Do I need to give my toddler vitamins? (6 to 30 months)

Media last reviewed: 28/01/2015

Next review due: 28/01/2017

Growing children, especially those who don't eat a varied diet, sometimes don't get enough vitamins A and C. It's also difficult to get enough vitamin D through food alone.

This is why the Department of Health recommends that all children from six months to five years old are given supplements, in the form of vitamin drops, which contain vitamins A, C and D.

Your health visitor can give you advice on vitamin drops and tell you where to get them. You’re entitled to free vitamin drops if you qualify for Healthy Start. Some supplements that can be bought over the counter in pharmacies contain other vitamins or ingredients. Talk to your pharmacist about which supplement would be most suitable for your child.

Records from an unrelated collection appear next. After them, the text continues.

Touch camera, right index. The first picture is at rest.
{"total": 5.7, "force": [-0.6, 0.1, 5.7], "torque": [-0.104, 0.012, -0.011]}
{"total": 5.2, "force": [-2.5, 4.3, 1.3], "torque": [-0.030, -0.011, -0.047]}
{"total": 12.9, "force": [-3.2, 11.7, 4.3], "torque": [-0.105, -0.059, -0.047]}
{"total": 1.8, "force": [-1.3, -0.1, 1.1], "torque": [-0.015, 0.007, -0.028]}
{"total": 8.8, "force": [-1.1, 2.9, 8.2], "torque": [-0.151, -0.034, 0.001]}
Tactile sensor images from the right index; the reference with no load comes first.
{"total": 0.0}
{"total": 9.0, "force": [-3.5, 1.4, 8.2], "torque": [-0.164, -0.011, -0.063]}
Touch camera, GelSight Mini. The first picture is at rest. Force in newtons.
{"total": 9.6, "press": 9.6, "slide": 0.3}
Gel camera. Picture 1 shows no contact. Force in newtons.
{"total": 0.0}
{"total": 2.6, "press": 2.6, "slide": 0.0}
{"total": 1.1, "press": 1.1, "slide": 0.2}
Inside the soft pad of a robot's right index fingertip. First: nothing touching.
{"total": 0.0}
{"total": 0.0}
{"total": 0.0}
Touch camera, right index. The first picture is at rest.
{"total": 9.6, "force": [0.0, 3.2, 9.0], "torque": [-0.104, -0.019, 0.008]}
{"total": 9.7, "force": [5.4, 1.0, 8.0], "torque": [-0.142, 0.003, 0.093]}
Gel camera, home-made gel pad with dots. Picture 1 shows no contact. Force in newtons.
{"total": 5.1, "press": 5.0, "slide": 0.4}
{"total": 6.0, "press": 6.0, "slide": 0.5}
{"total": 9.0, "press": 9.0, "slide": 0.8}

Having too much of some vitamins can be harmful. Keep to the recommended dose stated on the label, and be careful not to give your child two supplements at the same time. For example, don’t give them cod liver oil and vitamin drops, as cod liver oil also contains vitamins A and D. One supplement on its own is strong enough.

Vitamin D

Vitamin D only occurs naturally in a few foods, such as oily fish and eggs. It is also added to some foods, such as fat spreads and breakfast cereals. The best source of vitamin D is summer sunlight on our skin.

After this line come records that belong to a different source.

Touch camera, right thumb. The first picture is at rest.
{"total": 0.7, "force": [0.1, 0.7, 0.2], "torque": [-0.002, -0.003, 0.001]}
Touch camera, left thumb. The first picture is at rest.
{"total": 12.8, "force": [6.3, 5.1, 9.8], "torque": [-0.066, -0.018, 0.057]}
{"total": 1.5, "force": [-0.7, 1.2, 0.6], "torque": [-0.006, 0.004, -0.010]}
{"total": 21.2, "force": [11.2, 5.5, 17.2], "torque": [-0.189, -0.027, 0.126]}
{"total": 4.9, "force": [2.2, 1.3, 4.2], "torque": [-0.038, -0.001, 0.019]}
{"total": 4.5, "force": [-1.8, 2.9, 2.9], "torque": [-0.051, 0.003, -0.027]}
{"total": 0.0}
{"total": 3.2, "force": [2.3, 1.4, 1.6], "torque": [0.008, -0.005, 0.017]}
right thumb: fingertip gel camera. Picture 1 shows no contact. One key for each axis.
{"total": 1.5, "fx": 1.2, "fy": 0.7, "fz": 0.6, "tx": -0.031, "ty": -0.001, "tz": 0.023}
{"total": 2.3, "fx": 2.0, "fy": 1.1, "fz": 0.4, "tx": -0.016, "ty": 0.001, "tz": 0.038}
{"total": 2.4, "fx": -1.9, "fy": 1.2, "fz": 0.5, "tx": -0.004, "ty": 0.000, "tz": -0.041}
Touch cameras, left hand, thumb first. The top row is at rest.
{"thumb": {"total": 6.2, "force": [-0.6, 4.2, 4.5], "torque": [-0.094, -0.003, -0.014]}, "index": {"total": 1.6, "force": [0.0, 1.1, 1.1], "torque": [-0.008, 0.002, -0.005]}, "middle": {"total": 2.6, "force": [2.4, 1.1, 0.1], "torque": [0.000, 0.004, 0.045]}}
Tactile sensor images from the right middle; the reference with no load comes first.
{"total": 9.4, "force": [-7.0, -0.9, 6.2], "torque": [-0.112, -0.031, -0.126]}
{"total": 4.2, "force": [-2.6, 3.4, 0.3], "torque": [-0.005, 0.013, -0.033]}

However, it’s sensible to keep your child’s skin safe in the sun. Children shouldn’t be out too long in the sun in hot weather. Remember to cover up or protect their skin before it turns red or burns.

It's important that young children still receive vitamin drops, even if they get out in the sun.

All babies and young children aged six months to five years should take a daily supplement containing vitamin D, in the form of vitamin drops. This helps them to meet the requirement set for this age group of 7-8.5 micrograms (mcg) of vitamin D per day. 

Babies who are fed infant formula don't need vitamin drops if they are having 500ml (about a pint) of formula or more a day. This is because formula is already fortified with the vitamins they need. 

If you are breastfeeding your baby and didn’t take vitamin D supplements during your pregnancy, your health visitor may advise you to give your baby vitamin drops containing vitamin D from the age of one month.

Read more about vitamin D and sunlight.

Vitamin A

Vitamin A is important for babies and young children, and some may not be getting enough. It strengthens their immune system, can help their vision in dim light, and maintains healthy skin. 

Good sources of vitamin A include:

  • dairy products
  • fortified fat spreads
  • carrots, sweet potatoes, swede and mangoes
  • dark green vegetables, such as spinach, cabbage and broccoli

Vitamin C

Vitamin C is important for your child’s general health and their immune system. It can also help their body absorb iron.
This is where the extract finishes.